Talking smack to someone like President Trump may not be wisest thing for Kim Jong-un to be doing:
The show of force came as Secretary of State Rex Tillerson confirmed that North Korea had launched an ICBM on Tuesday, reversing an initial U.S. assessment that it was an intermediate-range missile.
He also said the U.S. would push for tougher sanctions by the U.N. Security Council, which planned an emergency meeting later Wednesday to discuss the latest provocation.
“Testing an ICBM represents a new escalation of the threat to the United States, our allies and partners, the region and the world,” Tillerson said in a statement. “Global action is required to stop a global threat.”
North Korean leader Kim Jong Un, meanwhile, reportedly called the ICBM test an Independence Day “gift” for the Americans and promised to send more “big and small gift packages often in the future so they don’t get bored.” [Stars & Stripes]

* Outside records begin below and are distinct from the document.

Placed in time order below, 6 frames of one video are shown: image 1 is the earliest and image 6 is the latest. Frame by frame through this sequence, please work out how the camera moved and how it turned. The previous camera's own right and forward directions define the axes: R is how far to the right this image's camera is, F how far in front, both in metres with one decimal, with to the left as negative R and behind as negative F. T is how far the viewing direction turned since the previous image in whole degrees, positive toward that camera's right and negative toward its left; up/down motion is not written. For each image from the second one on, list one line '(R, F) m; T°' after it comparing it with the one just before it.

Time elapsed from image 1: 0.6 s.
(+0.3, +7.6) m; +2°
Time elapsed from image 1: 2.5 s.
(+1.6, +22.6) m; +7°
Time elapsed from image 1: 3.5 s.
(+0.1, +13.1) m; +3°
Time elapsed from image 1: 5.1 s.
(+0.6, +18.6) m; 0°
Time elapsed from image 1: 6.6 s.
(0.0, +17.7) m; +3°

Kim Jong-un better hope that President Trump doesn’t send him some big and small gift packages in return.
Even though the US is calling this an ICBM test its maximum range of possibly 5,500 kilometers barely makes it an ICBM and analysis has not determined if the reentry technology worked or not:
South Korea’s Ministry of National Defense followed up on Tillerson’s statement hours later, announcing Wednesday that the missile was a “new type” of ICBM, apparently a Hwasong-12 intermediate-range ballistic missile (IRBM), also known as a KN-17, modified into a two-stage projectile.

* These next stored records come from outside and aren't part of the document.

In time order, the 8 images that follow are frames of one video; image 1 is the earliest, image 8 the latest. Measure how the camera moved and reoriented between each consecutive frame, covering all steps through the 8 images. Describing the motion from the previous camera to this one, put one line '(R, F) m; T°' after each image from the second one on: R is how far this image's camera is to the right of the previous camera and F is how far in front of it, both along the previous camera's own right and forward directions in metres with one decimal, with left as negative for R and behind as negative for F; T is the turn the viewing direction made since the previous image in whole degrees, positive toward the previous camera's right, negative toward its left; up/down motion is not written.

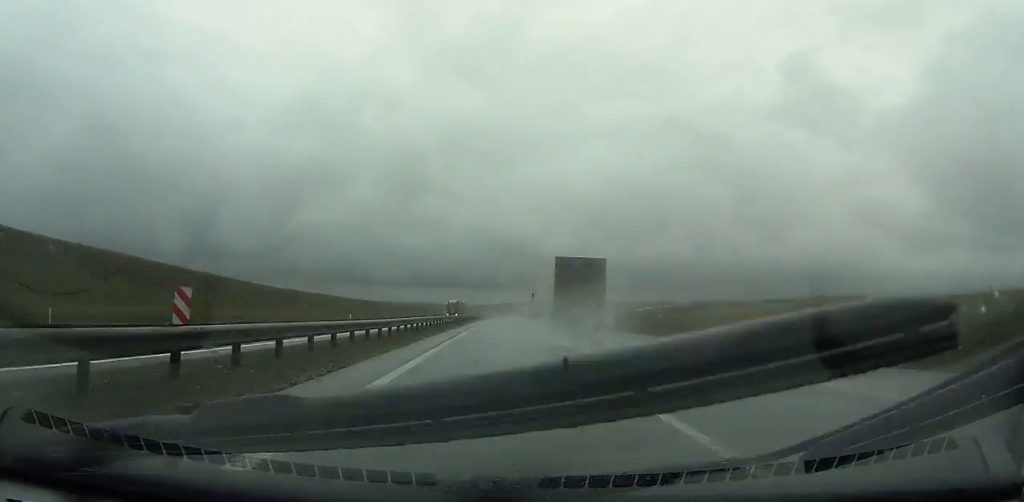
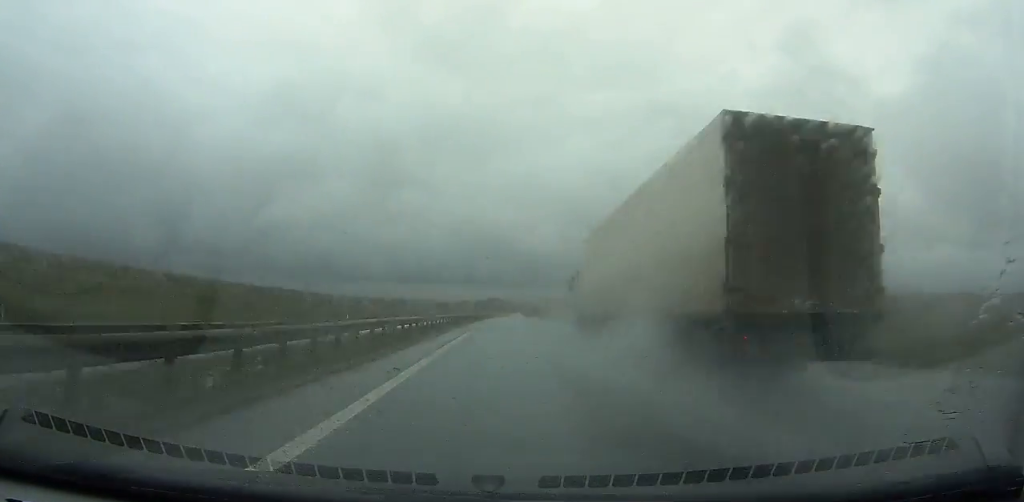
(+1.7, +104.1) m; +2°
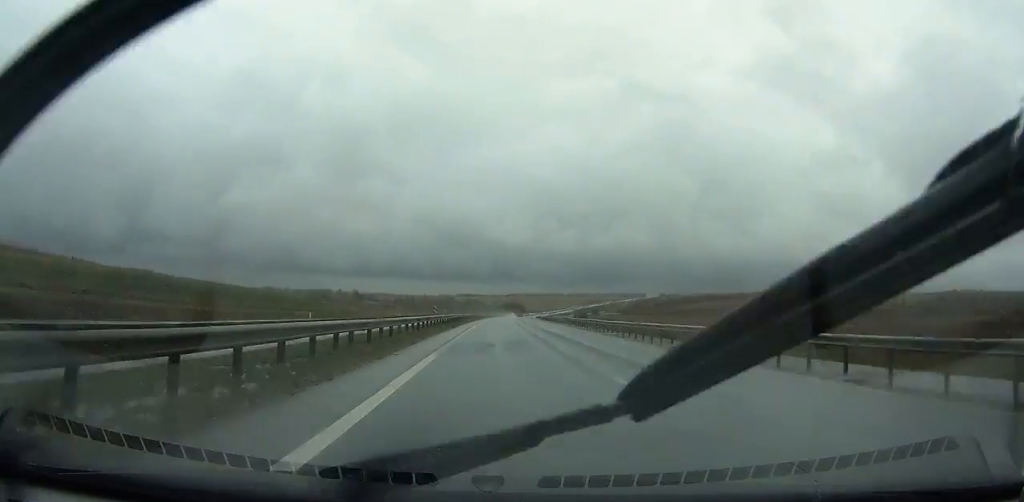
(+2.2, +109.4) m; +2°
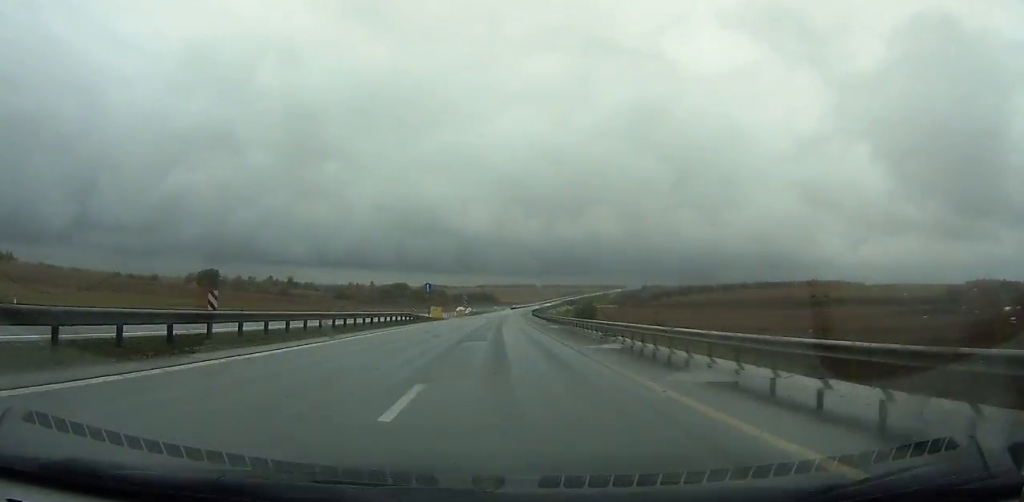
(+6.1, +179.4) m; +3°
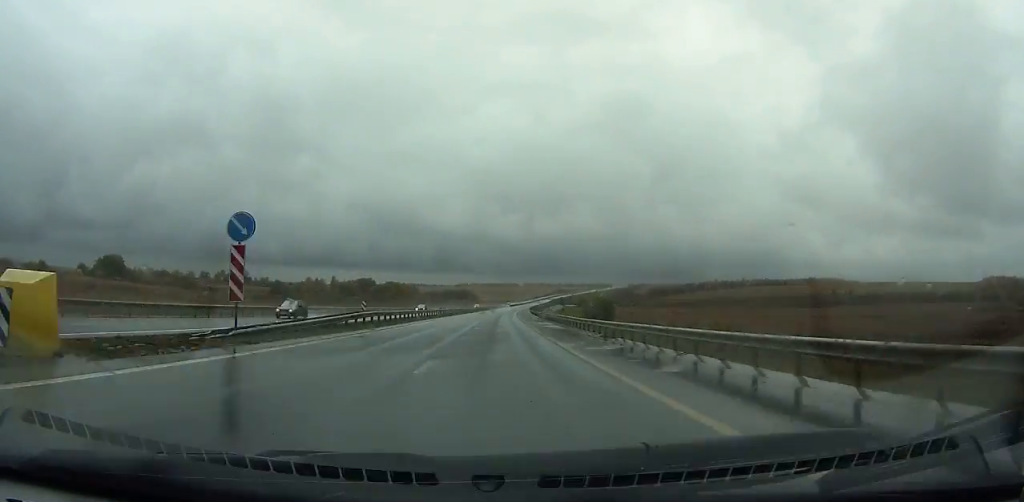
(+0.7, +92.0) m; +1°
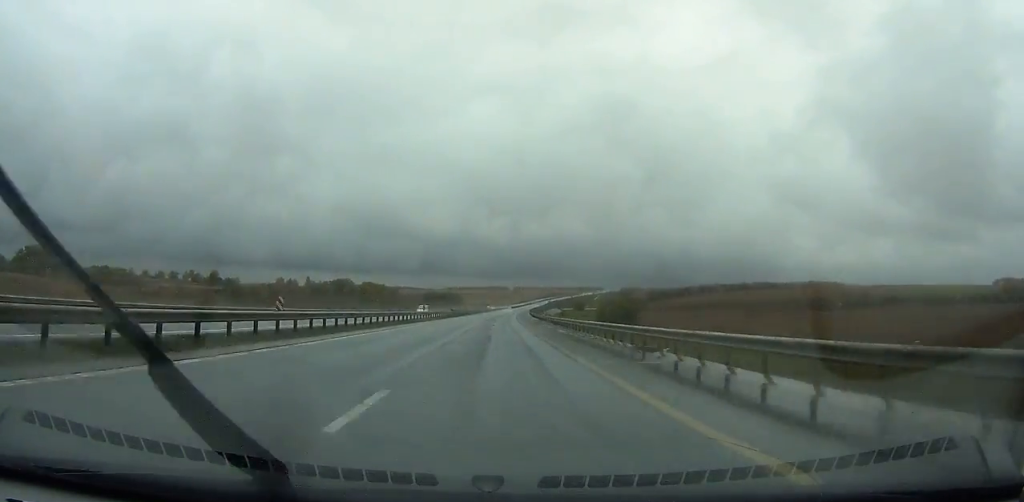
(+0.4, +54.1) m; +1°
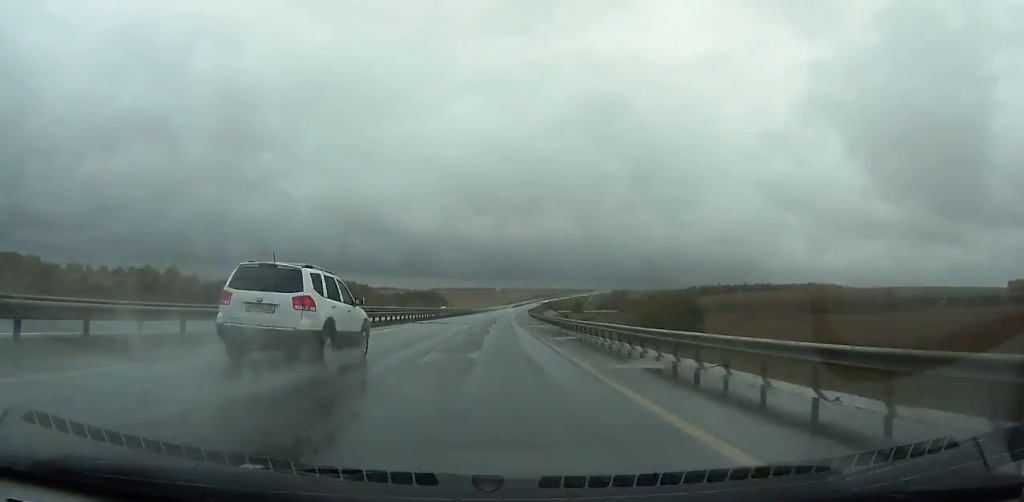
(+1.0, +65.3) m; +1°
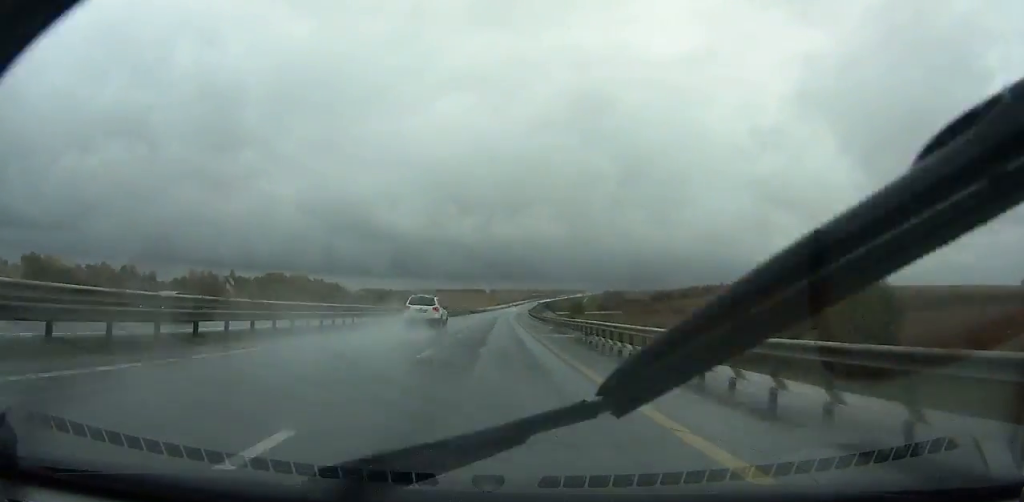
(+0.5, +58.9) m; +1°

An IRBM class missile has the capacity to fly between 3,000 and 5,500 kilometers (1,864 to 3,418 miles), shorter than an ICBM’s capacity of more than 5,500 kilometers.

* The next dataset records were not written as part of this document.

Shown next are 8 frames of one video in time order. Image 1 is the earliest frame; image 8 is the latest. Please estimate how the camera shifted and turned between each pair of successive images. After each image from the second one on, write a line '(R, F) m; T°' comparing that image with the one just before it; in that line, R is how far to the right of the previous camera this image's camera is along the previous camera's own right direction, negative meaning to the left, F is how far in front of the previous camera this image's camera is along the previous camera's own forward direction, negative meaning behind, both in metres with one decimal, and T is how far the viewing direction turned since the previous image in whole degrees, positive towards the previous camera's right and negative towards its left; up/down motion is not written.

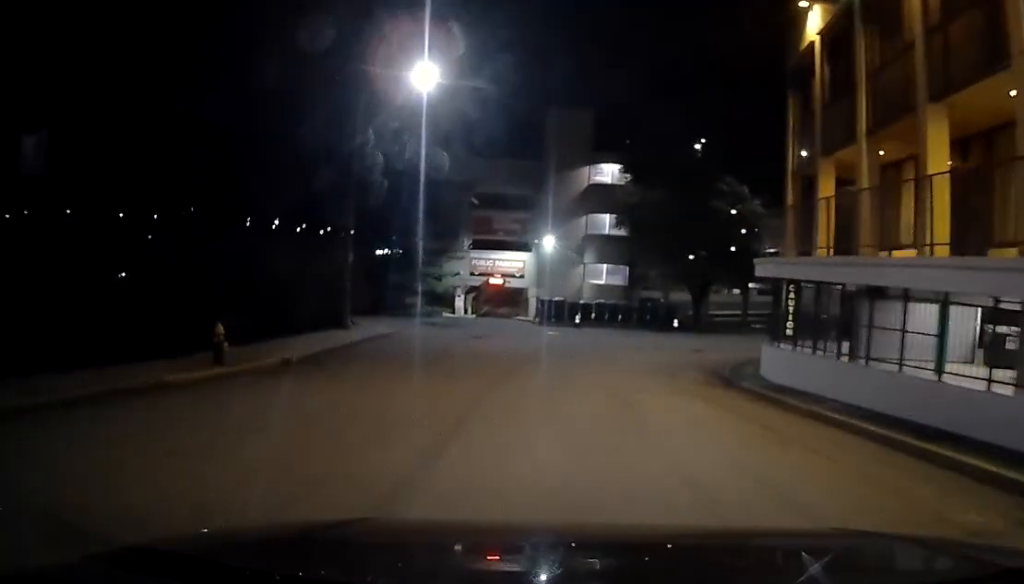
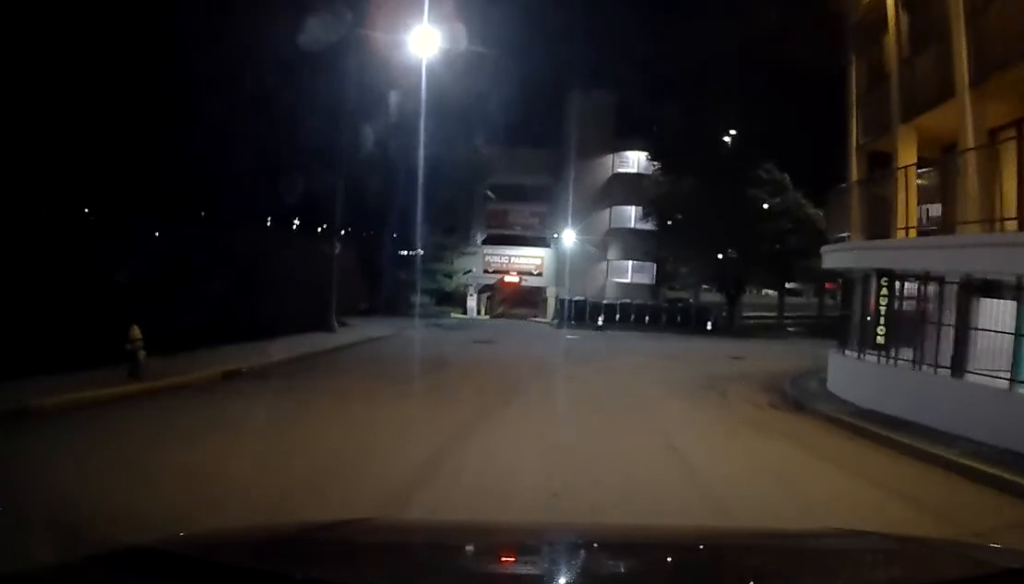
(0.0, +3.6) m; 0°
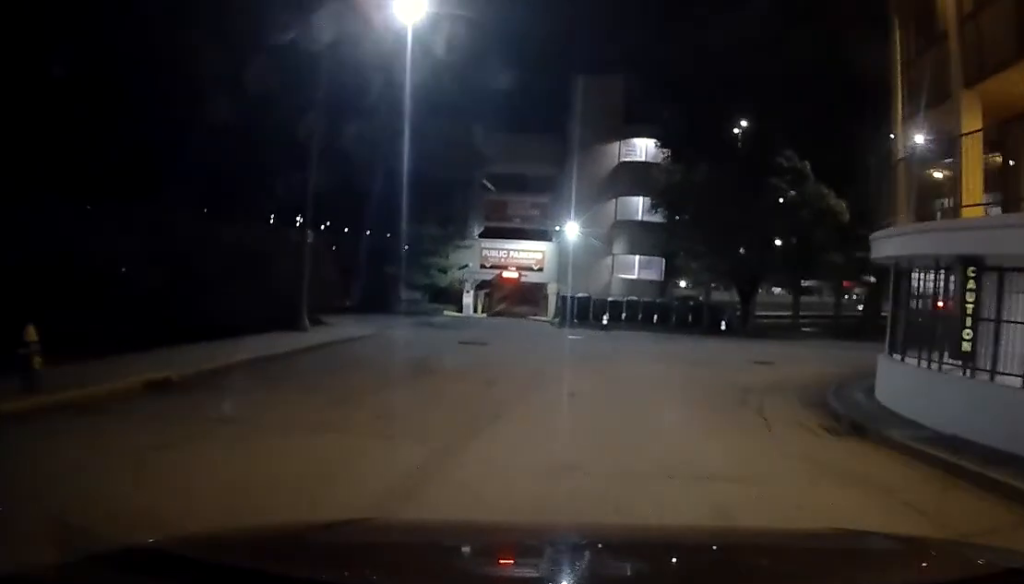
(+0.2, +2.6) m; 0°
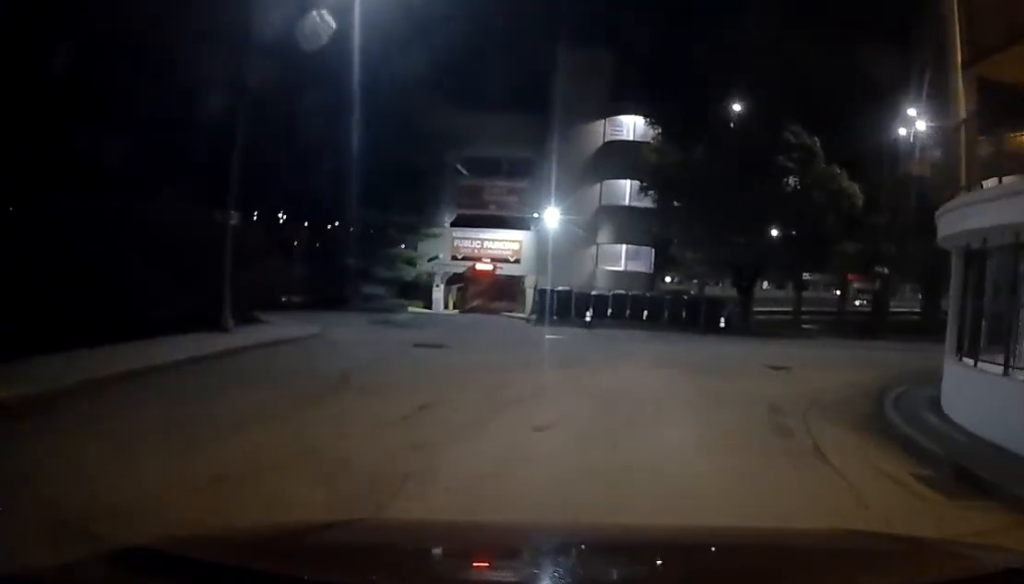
(0.0, +3.4) m; +1°
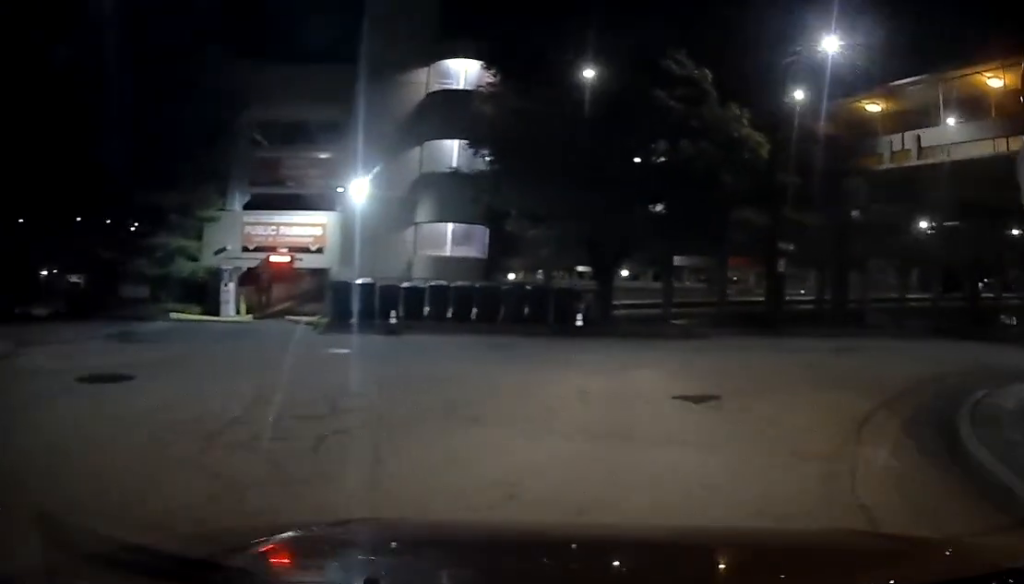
(+0.1, +7.3) m; +10°
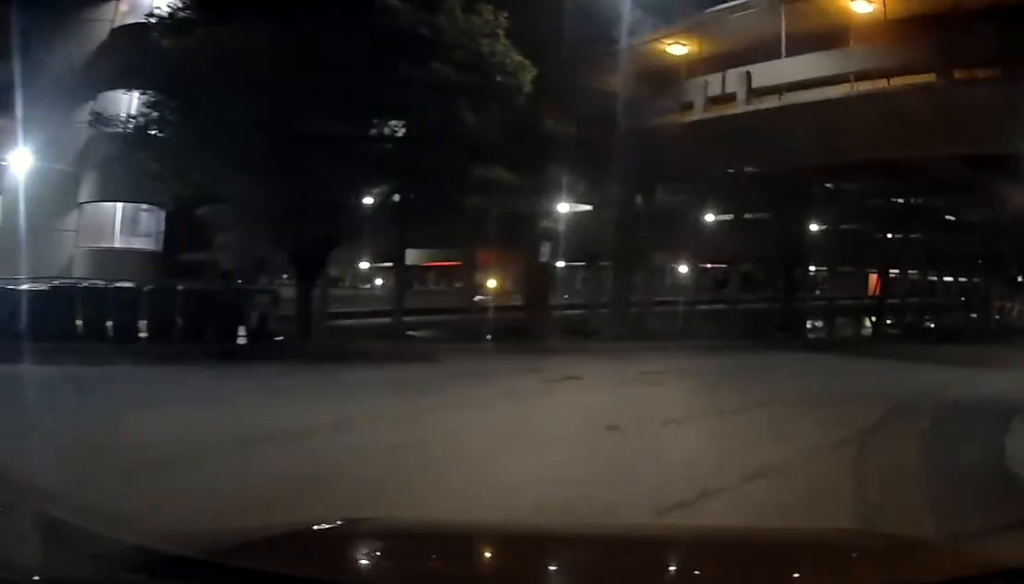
(+1.2, +7.0) m; +23°
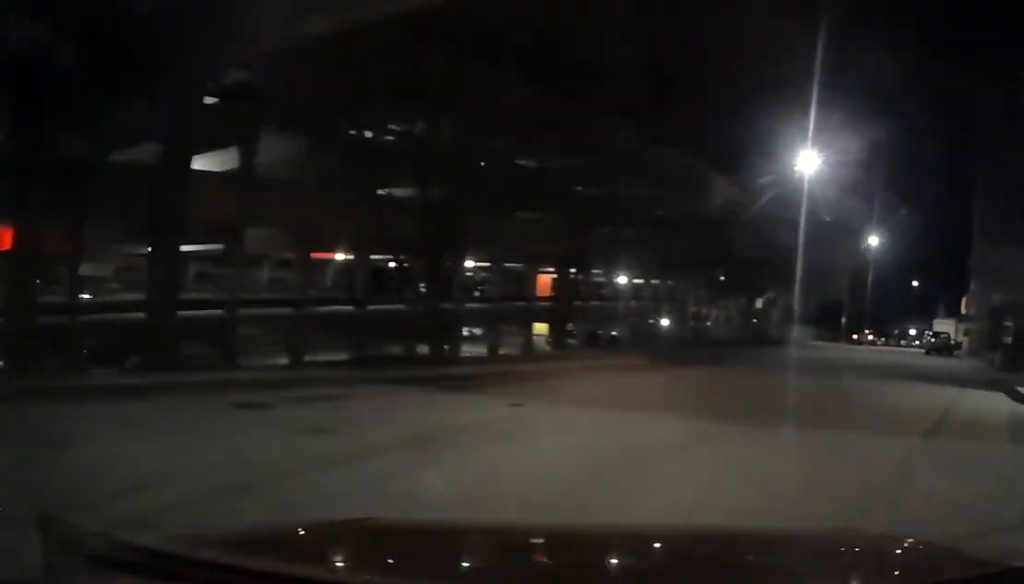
(+2.0, +8.8) m; +24°
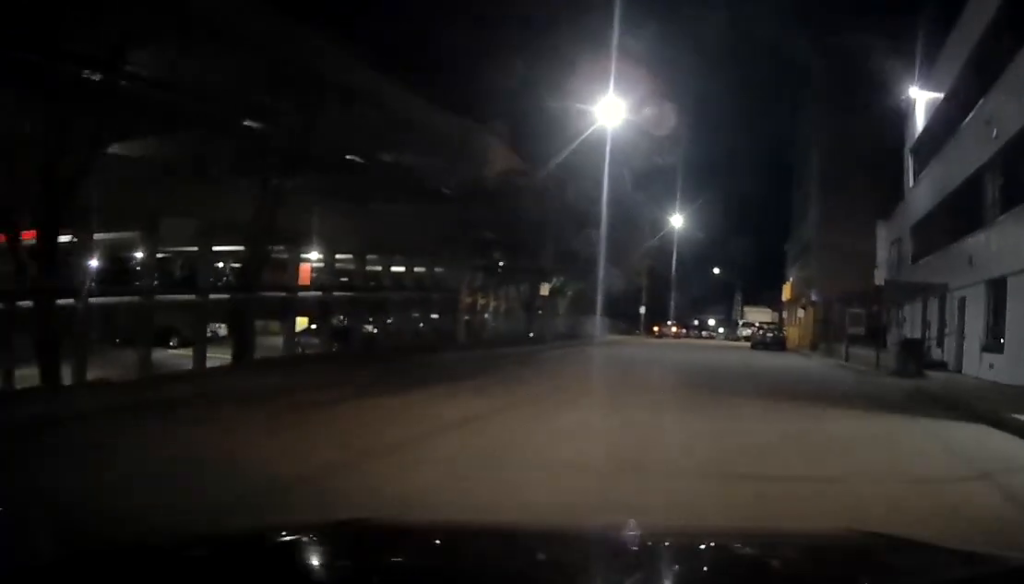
(+1.5, +7.1) m; +22°

But the ministry fell short of saying whether North Korea’s ICBM launch was successful, saying it was hard to confirm yet. Analysis of whether Pyongyang has perfected re-entry technology, a core part of a long-range missile that’s been considered the last hurdle for North Korea’s ICBM development, was still ongoing, according to Defense Minister Han Min-koo, who briefed lawmakers on the National Assembly’s National Defense Committee Wednesday. Han said the Hwasong-14, North Korea’s name for its ICBM, qualified to be an ICBM when considering its travel distance, but that the maximum speed was way below the threshold of Mach 20. [Joong Ang Ilbo]
At its maximum range the KN-17 puts Guam and parts of Alaska at risk. This is clearly significant progress, but the Kim regime has not perfected ICBM technology that can reliably strike the US mainland, yet. At this point it seems like it is only a matter of time if the US and the ROK allow the Kim regime to have that time.